Thank you. Yes, good question, questions. At the heart of our strategy is our objective to drive the long-term business health and to create value for our stakeholders and shareowners. We do this by having a disciplined and consistent strategy for the way we use cash. Ultimately, we want to remain agile with respect to mergers and acquisitions, share repurchases, and our balance sheet. But we do prioritize available cash in the following way: firstly, to reinvest in the business for sustainable growth; second, to grow the dividend; third, as available and as attractive, consumer-centric M&A; and then share repurchases. For us, the starting point is having a clear picture of what the North Star is. More share, more consumers, and good system economics. Decisions around the right level of investment and dividend coverage will be viewed through this North Star.
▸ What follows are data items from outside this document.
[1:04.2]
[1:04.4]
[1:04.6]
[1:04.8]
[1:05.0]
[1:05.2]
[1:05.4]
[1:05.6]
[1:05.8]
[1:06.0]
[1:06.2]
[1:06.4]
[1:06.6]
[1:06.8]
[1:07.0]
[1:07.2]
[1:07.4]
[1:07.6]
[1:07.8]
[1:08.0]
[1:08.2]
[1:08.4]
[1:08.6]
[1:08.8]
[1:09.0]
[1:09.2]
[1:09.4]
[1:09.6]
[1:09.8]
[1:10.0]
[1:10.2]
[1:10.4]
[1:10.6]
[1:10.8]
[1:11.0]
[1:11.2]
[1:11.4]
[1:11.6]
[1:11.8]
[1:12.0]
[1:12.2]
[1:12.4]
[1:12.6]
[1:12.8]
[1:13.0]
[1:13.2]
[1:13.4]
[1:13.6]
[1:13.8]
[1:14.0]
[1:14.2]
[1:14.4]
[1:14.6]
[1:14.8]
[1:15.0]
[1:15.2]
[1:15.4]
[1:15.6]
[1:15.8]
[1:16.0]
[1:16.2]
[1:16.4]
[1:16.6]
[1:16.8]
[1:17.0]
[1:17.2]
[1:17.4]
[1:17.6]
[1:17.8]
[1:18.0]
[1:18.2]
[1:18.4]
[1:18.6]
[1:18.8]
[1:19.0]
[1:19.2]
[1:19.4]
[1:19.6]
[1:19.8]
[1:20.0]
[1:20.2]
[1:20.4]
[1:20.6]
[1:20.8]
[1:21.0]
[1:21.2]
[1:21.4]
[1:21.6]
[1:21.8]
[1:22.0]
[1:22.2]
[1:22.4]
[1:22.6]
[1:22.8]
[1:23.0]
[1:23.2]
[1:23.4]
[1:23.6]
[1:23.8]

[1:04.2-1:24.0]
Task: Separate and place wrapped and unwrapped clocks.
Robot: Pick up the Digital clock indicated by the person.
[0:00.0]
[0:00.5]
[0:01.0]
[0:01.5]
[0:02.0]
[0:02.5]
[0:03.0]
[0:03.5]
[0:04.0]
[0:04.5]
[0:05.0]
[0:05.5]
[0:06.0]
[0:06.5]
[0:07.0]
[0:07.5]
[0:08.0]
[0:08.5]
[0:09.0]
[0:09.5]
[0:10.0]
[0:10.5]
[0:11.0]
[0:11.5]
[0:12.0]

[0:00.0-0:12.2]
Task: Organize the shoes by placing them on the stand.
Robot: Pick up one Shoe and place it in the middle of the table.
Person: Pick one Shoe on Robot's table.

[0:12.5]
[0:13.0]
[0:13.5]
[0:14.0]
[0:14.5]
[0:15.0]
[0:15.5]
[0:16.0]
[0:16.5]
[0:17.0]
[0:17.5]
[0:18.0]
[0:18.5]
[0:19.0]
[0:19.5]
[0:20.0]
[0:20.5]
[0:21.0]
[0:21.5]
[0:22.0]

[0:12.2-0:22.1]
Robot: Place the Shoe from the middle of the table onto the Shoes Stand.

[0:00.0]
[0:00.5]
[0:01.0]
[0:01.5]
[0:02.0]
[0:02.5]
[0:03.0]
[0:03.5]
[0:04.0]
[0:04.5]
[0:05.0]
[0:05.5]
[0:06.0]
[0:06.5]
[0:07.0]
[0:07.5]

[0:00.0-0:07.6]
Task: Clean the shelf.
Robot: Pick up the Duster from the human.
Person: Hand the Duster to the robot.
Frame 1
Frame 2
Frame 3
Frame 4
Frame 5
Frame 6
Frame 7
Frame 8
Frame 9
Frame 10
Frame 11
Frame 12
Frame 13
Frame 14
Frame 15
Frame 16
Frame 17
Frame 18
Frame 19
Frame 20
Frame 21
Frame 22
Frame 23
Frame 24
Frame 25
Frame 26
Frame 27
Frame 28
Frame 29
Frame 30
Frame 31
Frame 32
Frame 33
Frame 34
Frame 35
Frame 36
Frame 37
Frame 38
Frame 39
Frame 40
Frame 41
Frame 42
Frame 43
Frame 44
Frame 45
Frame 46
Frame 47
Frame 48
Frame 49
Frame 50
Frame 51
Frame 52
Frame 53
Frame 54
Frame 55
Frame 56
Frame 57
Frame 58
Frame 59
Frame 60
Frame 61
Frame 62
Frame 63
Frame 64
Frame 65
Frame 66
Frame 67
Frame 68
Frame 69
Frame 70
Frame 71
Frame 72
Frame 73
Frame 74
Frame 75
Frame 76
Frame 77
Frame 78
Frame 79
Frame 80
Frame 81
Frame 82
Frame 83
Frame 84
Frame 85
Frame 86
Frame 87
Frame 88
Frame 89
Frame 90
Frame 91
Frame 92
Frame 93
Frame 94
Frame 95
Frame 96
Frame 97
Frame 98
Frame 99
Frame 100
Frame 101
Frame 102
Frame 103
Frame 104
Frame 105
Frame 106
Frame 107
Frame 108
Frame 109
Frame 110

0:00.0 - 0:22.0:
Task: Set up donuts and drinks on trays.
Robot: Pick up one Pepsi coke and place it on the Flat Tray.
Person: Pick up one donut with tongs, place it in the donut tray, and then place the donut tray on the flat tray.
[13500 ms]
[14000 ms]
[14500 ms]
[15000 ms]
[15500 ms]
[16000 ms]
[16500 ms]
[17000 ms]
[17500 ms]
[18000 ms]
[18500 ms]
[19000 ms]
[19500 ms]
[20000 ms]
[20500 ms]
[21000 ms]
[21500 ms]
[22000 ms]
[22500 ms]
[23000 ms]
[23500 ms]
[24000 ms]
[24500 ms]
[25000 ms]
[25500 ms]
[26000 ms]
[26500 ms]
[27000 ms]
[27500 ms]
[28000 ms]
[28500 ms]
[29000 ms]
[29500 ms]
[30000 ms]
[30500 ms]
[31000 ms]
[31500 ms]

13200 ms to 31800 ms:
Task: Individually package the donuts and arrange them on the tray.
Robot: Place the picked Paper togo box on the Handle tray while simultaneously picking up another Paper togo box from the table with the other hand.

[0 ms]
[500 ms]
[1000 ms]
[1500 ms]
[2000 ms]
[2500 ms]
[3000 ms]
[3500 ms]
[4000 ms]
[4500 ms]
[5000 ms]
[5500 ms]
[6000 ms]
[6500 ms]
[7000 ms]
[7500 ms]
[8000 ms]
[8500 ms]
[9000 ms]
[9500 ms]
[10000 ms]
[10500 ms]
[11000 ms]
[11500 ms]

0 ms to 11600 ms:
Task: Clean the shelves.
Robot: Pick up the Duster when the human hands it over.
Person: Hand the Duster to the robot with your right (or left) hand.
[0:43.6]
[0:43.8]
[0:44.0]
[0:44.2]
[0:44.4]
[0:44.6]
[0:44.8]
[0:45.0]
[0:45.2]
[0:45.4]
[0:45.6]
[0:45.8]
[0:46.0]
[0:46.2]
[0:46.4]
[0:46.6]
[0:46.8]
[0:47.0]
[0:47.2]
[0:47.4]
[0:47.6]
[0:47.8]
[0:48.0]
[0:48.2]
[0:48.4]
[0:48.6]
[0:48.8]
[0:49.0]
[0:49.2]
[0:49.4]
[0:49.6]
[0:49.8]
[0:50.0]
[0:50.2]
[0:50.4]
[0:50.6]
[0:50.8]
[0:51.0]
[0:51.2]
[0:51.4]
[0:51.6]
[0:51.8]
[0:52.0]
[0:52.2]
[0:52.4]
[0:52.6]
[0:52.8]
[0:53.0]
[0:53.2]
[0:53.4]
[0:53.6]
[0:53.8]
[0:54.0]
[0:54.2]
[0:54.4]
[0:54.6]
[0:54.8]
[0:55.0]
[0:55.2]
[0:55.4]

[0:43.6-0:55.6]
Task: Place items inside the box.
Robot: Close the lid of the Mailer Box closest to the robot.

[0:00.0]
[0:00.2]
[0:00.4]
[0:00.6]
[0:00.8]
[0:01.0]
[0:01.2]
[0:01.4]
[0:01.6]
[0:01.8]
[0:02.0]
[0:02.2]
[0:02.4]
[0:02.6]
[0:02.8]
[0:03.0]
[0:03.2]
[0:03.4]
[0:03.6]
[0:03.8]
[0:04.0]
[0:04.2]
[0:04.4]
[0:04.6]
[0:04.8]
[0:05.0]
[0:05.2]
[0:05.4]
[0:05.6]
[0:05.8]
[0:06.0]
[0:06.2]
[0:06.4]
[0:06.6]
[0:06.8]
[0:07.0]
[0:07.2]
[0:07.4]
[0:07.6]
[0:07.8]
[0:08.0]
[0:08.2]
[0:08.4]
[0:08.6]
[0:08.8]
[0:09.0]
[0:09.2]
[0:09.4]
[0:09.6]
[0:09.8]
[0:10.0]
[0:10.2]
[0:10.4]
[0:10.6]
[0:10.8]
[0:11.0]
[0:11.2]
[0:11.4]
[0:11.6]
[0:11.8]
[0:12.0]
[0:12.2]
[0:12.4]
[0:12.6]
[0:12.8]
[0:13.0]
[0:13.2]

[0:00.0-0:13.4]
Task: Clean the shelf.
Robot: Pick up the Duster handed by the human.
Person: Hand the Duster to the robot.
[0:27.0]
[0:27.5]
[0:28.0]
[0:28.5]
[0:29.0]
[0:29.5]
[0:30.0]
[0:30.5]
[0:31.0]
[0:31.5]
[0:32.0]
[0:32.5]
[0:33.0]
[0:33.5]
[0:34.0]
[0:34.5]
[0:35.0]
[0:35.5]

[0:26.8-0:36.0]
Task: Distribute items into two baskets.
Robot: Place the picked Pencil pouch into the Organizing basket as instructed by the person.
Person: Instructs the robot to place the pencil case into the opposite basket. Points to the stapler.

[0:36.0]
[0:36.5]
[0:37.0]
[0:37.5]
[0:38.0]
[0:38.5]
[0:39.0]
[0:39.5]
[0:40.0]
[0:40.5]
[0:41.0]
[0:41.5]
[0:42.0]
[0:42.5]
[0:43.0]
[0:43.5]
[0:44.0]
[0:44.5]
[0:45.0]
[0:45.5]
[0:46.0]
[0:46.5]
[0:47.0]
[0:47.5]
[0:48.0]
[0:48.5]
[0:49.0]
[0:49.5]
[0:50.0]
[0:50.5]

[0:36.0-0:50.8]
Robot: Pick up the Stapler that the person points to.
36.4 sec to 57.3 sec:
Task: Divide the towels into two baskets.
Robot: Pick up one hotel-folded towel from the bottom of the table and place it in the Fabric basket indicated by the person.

With regard to share repurchases, we typically buy to offset any dilution from the exercise of stock options by employees in a given year. We did also increase share repurchases in the fourth quarter of 2023 by utilizing anticipated proceeds from bottler refranchising. With regard to the dividend, we announced the 62nd consecutive annual dividend increase in February. So we will continue to prioritize investing in the business to drive long-term growth, as well as supporting dividend growth for our shareowners. Okay, so that was the last question. That then, that then concludes our question and answer session. The polls are now closed. I would like to thank everyone who took the time to participate today. That concludes our shareowner meeting for this year. Thank you very much. Stay safe and have a great rest of your day.

Jennifer Manning
Corporate Secretary, The Coca-Cola Company

This concludes the meeting, and you may now disconnect.